I am compiling information for a quantitative mini-project for my research class. This class is for my doctorate degree and is asynchronous learning so I have dependent upon what I can teach myself via the internet! Any help will be greatly appreciated.

I am conducting a quasi-experimental study. My problem is that state standardized test scores have declined after covid. I have 250 data points of archival test scores (given to me).

Here are my Research Questions & Hypotheses:

1. What difference exists, if any, between pre-covid and post-covid standardized test scores?

H₀: No statistically significant difference exists between students' pre-covid and students' post covid standardized test scores in a middle school math class.

H₁:A statistically significant difference exists betweenstudents' pre-covid and students' post covid standardized test scores in a middle school math class.

2. What difference exists, if any, in student test scores between rural students and urban students in post-covid learning environments?

H₀: No statistically significant difference exists betweenrural students and urban students in post-covid learning environments

H₁: A statistically significant difference exists betweenrural students and urban students in post-covid learning environments

I had stated that I would use a t-test or ANOVA to analyze the data and determine if the differences between the groups are large enough to be considered significant.

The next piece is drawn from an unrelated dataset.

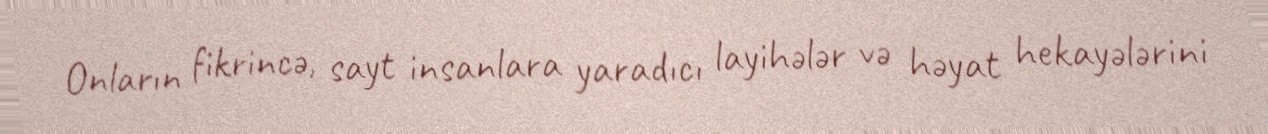
Onların fikrincə, sayt insanlara yaradıcı layihələr və həyat hekayələrini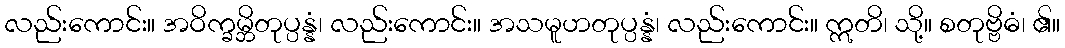
လည်းကောင်း။ အဝိက္ခမ္ဘိတုပ္ပန္နံ၊ လည်းကောင်း။ အသမူဟတုပ္ပန္နံ၊ လည်းကောင်း။ ဣတိ၊ သို့။ စတုဗ္ဗိဓံ၊ ၏။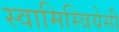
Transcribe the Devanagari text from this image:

Here are the assignment instructions: (In Bold)

Explain the procedure's non-parametric equivalent and when it might be used.

I have this so far:

A non-parametric alternative for the t-test is the Mann-Whitney U test, also known as the Wilcoxon rank-sum test. This test is used to determine whether two independent samples come from the same population based on their ranks rather than assuming normal distribution. The Mann-Whitney U test is particularly useful when the data is not normally distributed, and the sample sizes are small. Another non-parametric alternative is the Wilcoxon signed-rank test, which is used when the data is paired, such as before-and-after measurements. This test is based on the ranks of the differences between pairs and can be used when the assumptions of the paired t-test are not met.

Determine the extent to which you think you will be able to collect sufficient data to use a parametric or non-parametric version of the test. Which assumptions tests must be performed or met if the procedure's parametric version can be used?

Describe the assumptions tests which must be met. For example, is the sample large enough? Is it normally distributed? Does it meet the requirement of equal variances? If not, what limitations would this introduce to your study? IS one of the statistical test below appropriate for your design.

1. t-test (paired/dependent or two sample/independent)
2. ANOVA
3. Pearson's r

Should the data not meet assumptions testing, what are the non-parametric alternatives for these tests? Does Excel support them in its Analysis ToolPak?

How do you analyze data in Excel? For example, if rows are not sorted by the testable groups, will you need to resort the rows? Do you need to clean up any other aspects of the data?